Ma mère a tendance à laisser son iPad 2 en charge pendant 2-3 jours 

Aujourd"hui, elle m'a appelé en panique car son iPad n'avait plus de batterie et affiché le logo de la batterie et le logo de la prise (en gros, le logo qui dit qu'elle doit recharger son ipad) Et quand elle mettait en charge, ce logo ne disparaissait pas et sa batterie était constamment vide 

J'ai de suite regarder la prise et le cable.
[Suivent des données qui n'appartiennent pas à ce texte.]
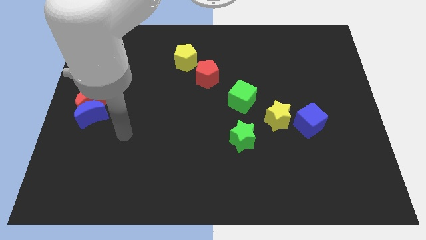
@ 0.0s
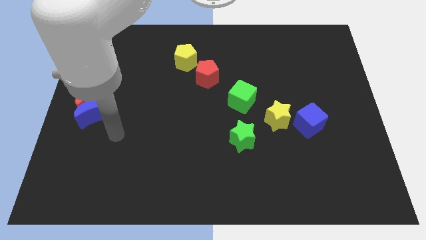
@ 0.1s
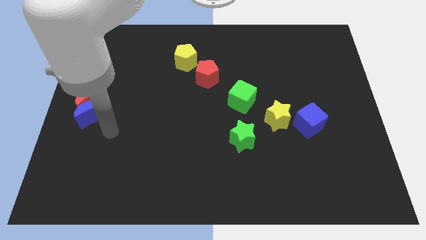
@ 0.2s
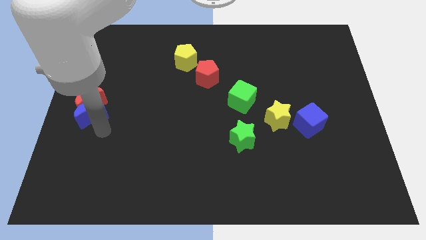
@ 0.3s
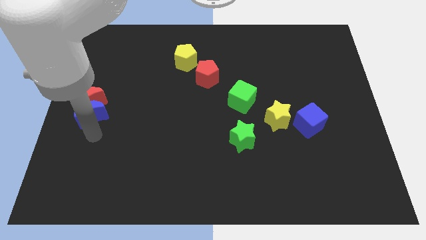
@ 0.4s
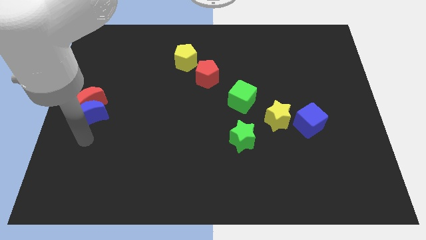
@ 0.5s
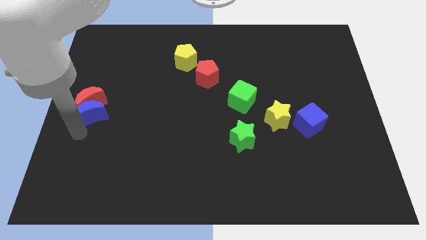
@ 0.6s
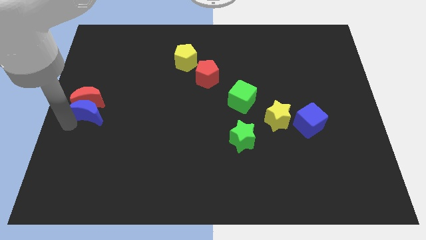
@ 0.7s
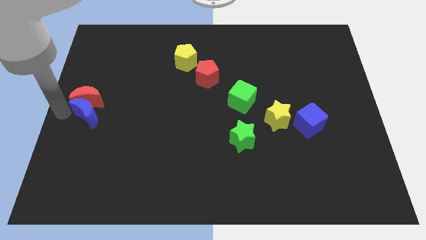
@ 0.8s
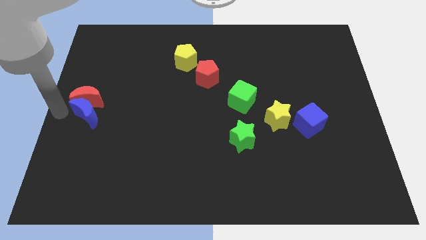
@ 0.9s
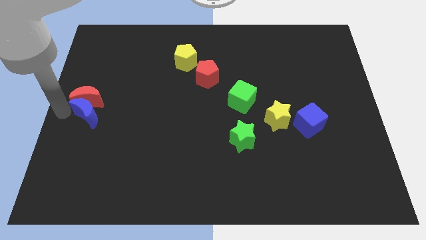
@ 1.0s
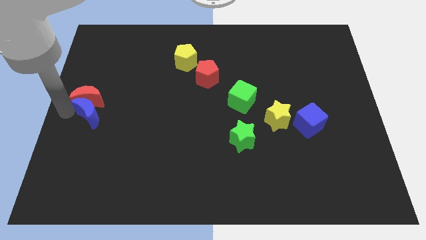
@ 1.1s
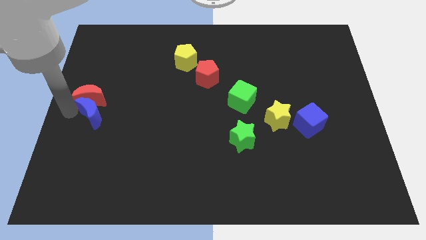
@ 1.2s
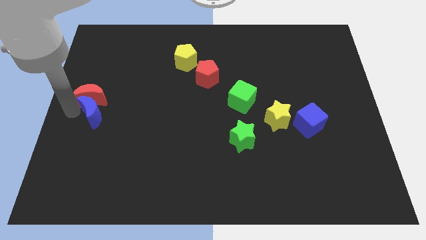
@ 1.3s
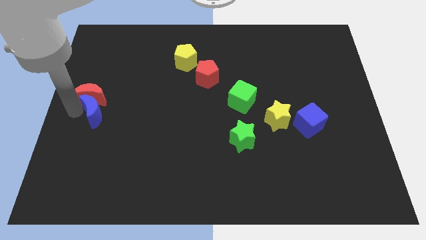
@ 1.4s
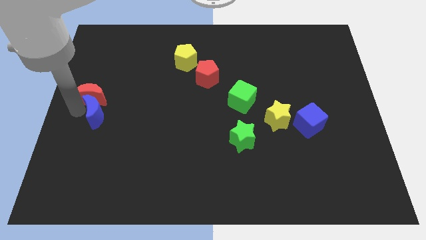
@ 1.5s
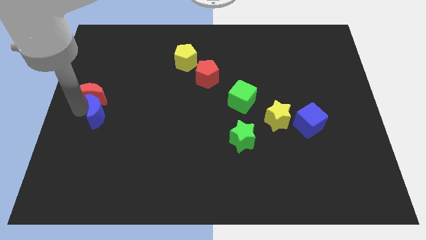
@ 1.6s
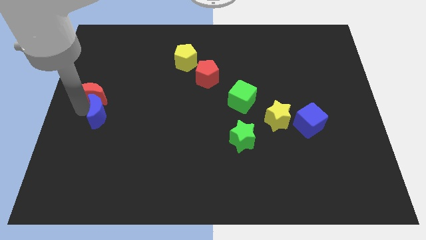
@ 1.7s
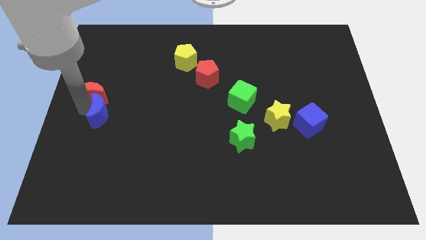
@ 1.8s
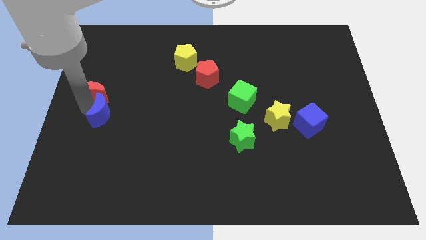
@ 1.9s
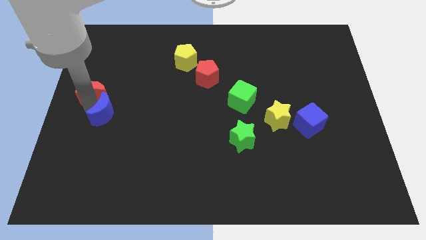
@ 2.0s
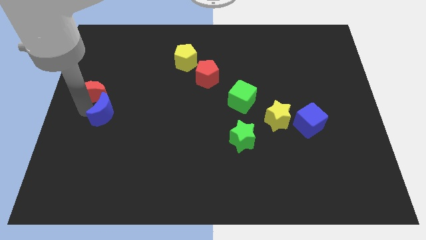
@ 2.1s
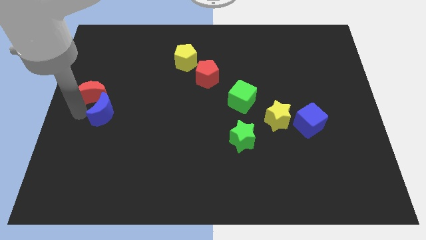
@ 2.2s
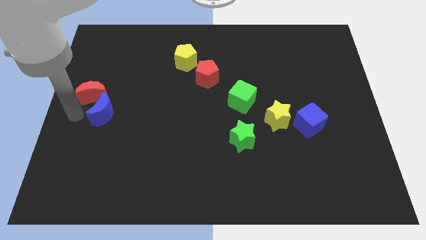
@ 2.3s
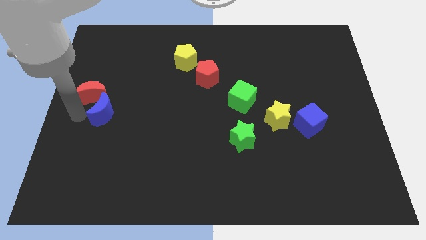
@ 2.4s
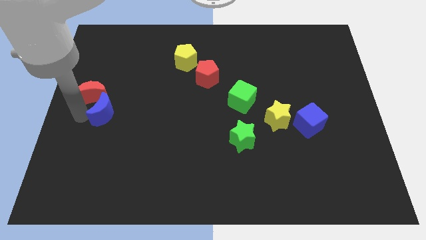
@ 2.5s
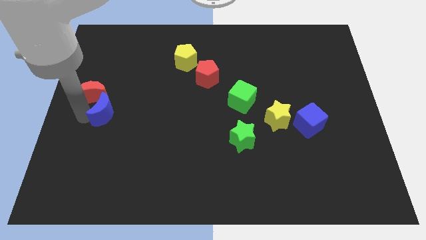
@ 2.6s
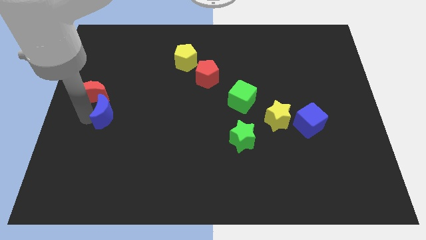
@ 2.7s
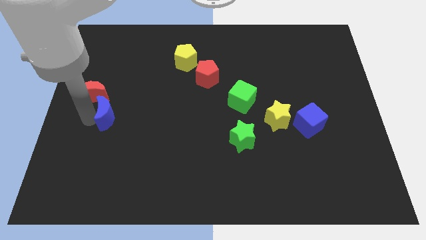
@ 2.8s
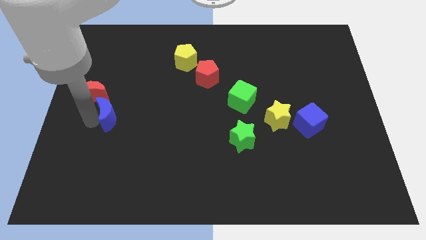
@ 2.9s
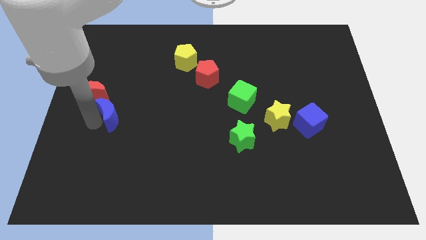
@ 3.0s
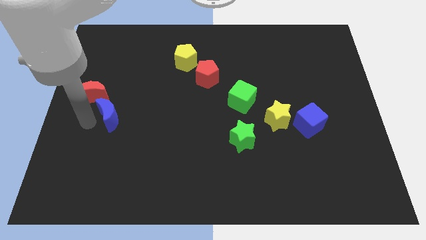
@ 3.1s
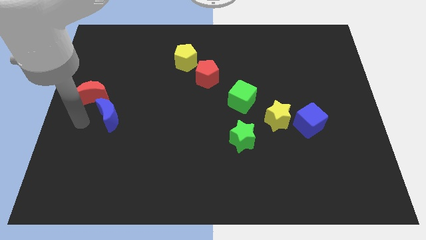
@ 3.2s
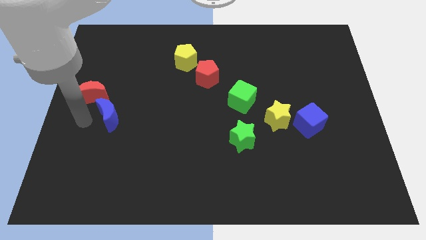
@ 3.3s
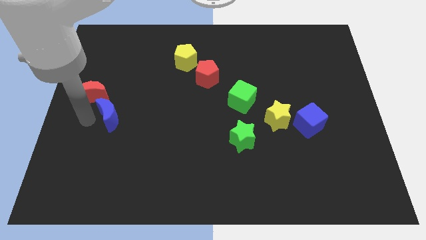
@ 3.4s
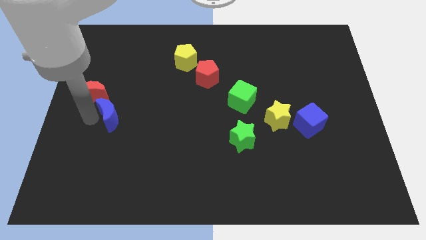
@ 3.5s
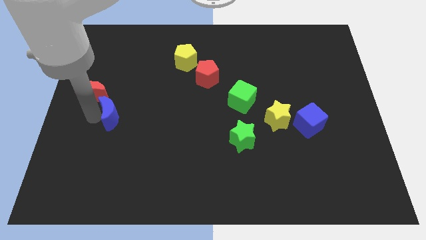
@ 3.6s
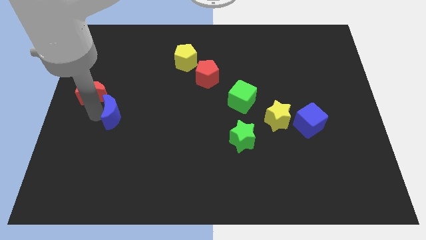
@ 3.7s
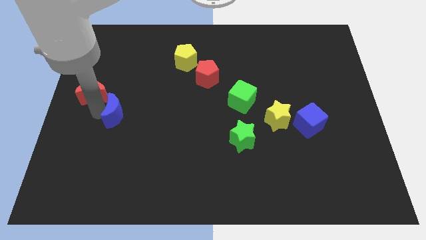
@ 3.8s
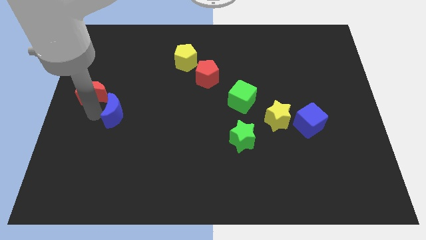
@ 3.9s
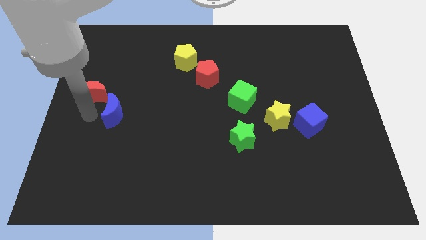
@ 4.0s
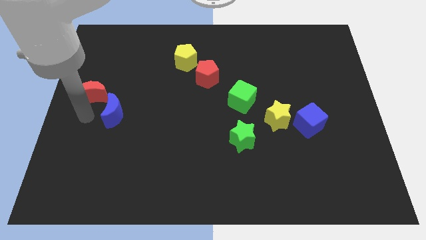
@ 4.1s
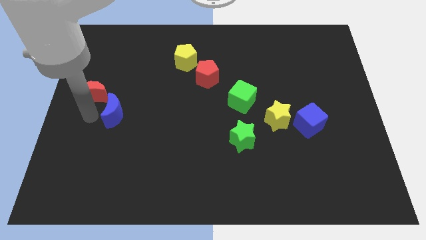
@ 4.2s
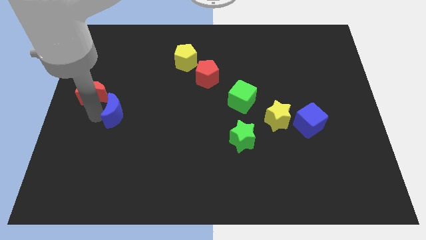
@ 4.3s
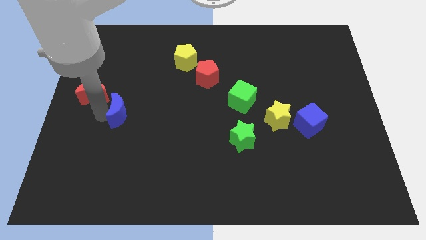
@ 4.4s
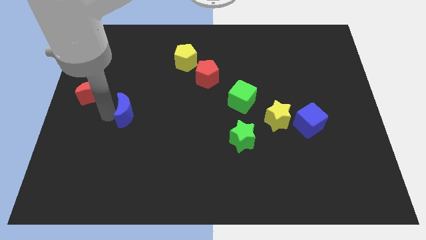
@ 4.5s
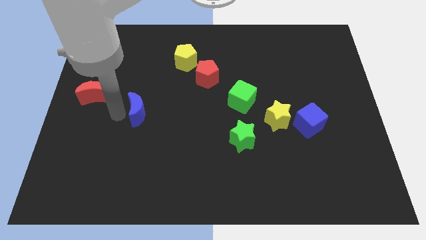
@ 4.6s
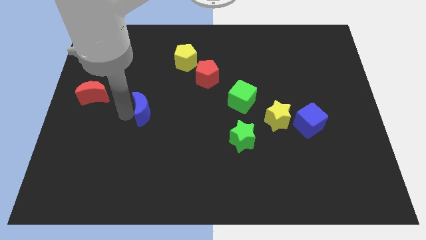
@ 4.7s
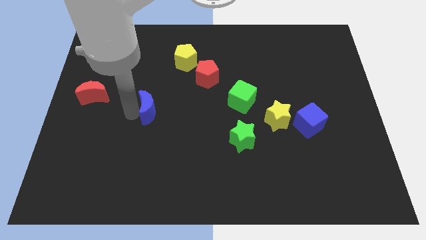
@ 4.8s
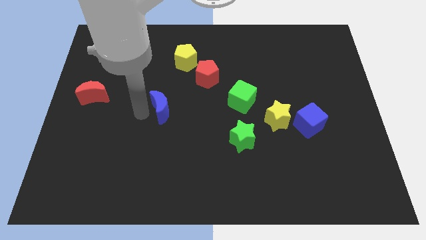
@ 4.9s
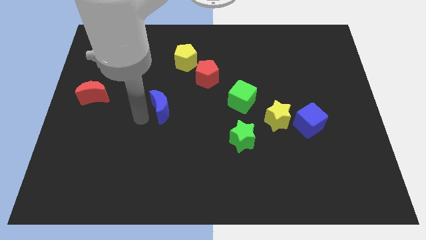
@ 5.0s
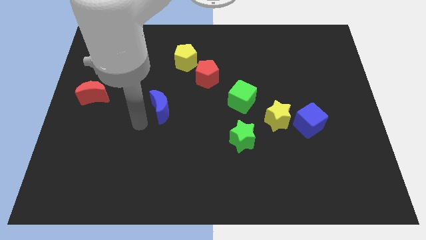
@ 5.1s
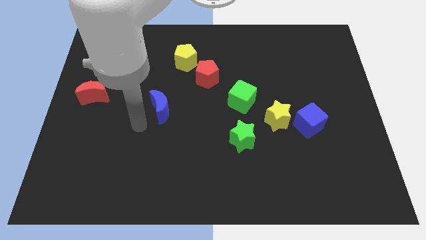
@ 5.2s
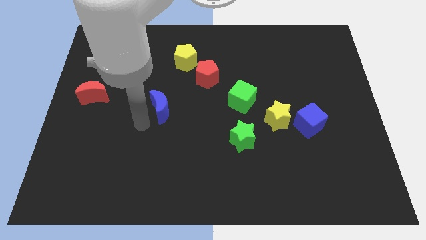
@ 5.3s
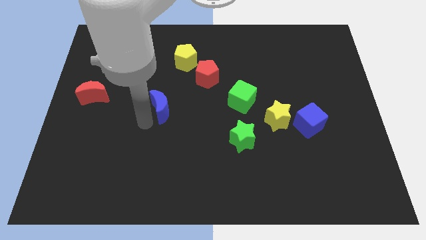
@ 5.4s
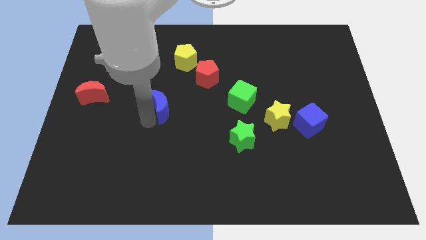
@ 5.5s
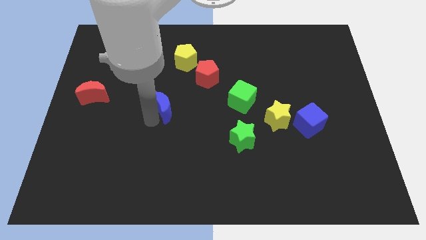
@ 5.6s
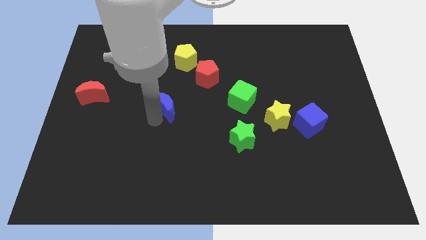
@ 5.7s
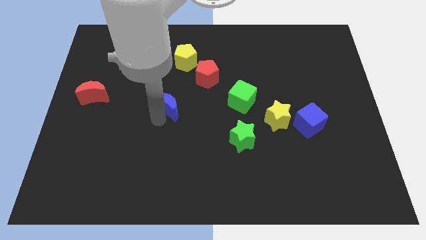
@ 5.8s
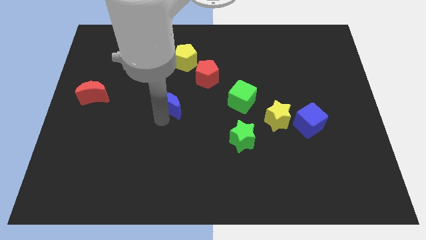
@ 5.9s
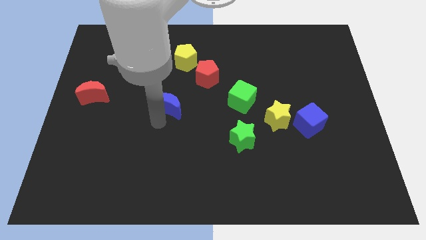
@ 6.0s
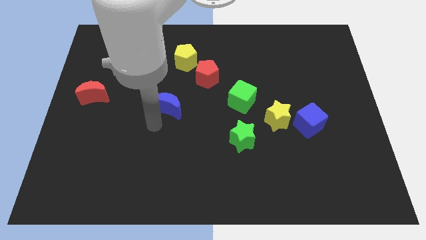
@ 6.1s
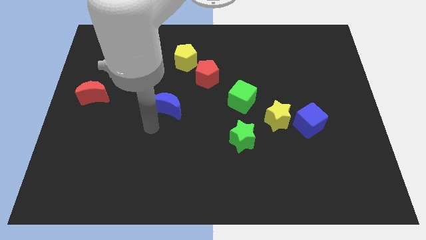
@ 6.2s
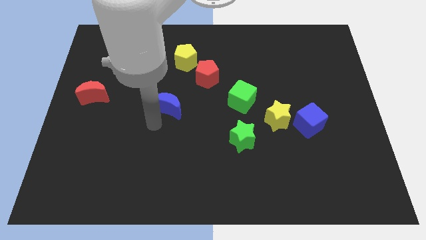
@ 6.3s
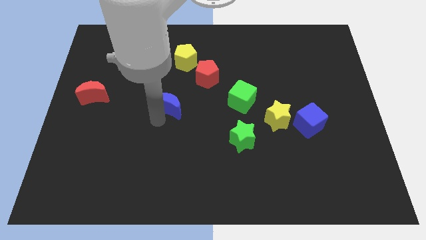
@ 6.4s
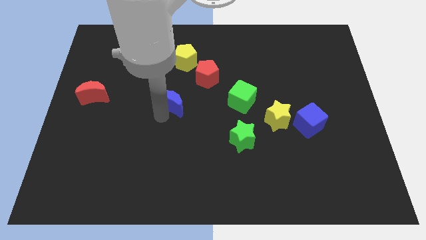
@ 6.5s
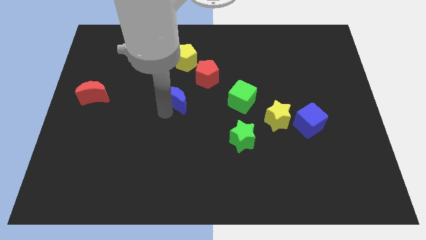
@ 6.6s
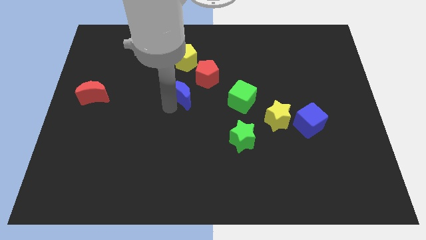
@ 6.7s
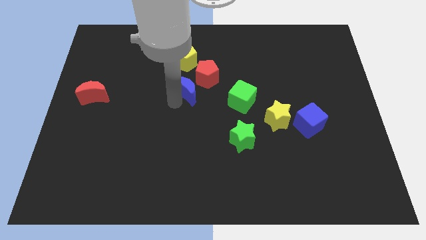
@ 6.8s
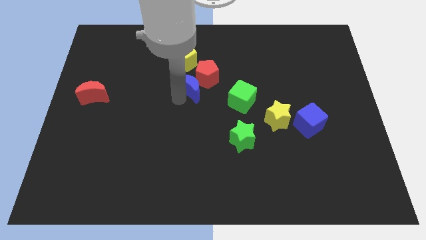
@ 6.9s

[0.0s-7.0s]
put the blue moon next to the red pentagon

Ils ont noircis donc je présume qu'ils ont du griller...

*Là, je l'ai récupérer chez moi mais j'essaye de le charger avec un cable iPod et une prise secteur/USB d'une tablette Galaxy TAB 3.
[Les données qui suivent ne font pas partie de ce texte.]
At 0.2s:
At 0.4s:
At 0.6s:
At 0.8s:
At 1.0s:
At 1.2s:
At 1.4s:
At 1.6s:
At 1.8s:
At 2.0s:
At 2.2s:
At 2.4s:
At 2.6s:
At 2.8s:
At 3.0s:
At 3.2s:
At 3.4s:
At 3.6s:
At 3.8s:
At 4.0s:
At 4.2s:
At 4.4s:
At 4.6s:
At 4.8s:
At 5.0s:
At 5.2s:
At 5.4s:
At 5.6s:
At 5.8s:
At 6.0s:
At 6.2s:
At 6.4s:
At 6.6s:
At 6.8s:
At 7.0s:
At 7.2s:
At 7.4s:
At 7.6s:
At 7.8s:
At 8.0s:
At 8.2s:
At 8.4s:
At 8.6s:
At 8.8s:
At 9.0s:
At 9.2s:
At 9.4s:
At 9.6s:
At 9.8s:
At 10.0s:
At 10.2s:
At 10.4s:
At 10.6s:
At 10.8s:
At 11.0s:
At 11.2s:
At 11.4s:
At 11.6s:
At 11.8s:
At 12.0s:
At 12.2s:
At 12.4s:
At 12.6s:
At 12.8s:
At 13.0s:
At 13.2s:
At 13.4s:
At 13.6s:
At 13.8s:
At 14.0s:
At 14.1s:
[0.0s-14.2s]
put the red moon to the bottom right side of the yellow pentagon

Il est chargé depuis 30 minutes, le logo de la prise secteur n'est plus présent mais la batterie est toujours vide...*

Que dois-je en conclure ? la batterie de l'iPad est également morte *ou* le système de recharge par "cable USB iPod + Prise secteur Galaxy TAB 3" n'est pas compatible pour charger mon iPad ? ou bien je suis tout simplement trop impatient et le problème sera résolu dans quelques heures 

Merci d'avance pour vos réponses


----------



## Quasquaquorne (30 Mai 2014)

Salut!
Faut essayer avec d'autres câbles, Apple de préférence. Mais bon les cables ipod et ipad en eux même sont identiques. Peut être un problème avec le connecteur secteur, le machin blanc auquel on relie le cable à la prise, j'ai un trou pour le nom là 

Mais si l'ipad reste souvent en charge 2 ou 3 jours de suite, ça sent la surcharge, et c'est très très mauvais!


----------



## cillab (26 Février 2017)

bonjour
deja prend un cargeur pour ipad et un cable idem une fois a 100% la conection coupele chargeur est froid tu peut le laisser 2 OU 3 
jours cela ne change rien c'est un probléme de chargeur et de cable


----------



## Jura39 (26 Février 2017)

cillab a dit:


> bonjour
> deja prend un cargeur pour ipad et un cable idem une fois a 100% la conection coupele chargeur est froid tu peut le laisser 2 OU 3
> jours cela ne change rien c'est un probléme de chargeur et de cable



Depuis 2014 , j'espère qu'il a trouvé une solution


----------



## cillab (27 Février 2017)

Jura39 a dit:


> Depuis 2014 , j'espère qu'il a trouvé une solution



 oups !!! désolé je suis NUL j'ais pas regarder la date mise


----------